▶ _Problem to solve_
Look for the line with "Gel camera. Picture" in the entries below, then extract that line and all lines after it exactly, with pictures left out.

(Stored entries)
'''

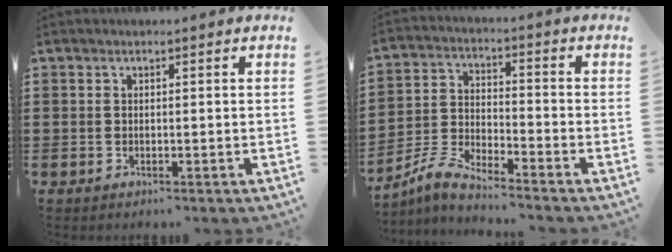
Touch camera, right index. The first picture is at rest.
{"total": 5.7, "force": [-5.2, 0.5, 2.2], "torque": [-0.067, -0.006, -0.110]}
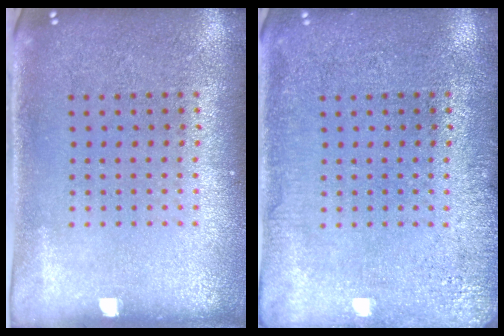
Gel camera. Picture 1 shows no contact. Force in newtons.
{"total": 2.5, "press": 2.4, "slide": 0.5}
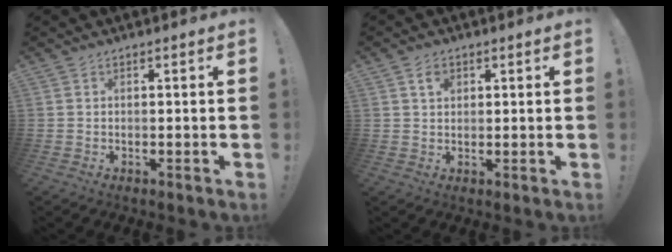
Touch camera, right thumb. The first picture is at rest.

'''

▶ _Response_
Gel camera. Picture 1 shows no contact. Force in newtons.
{"total": 2.5, "press": 2.4, "slide": 0.5}
Touch camera, right thumb. The first picture is at rest.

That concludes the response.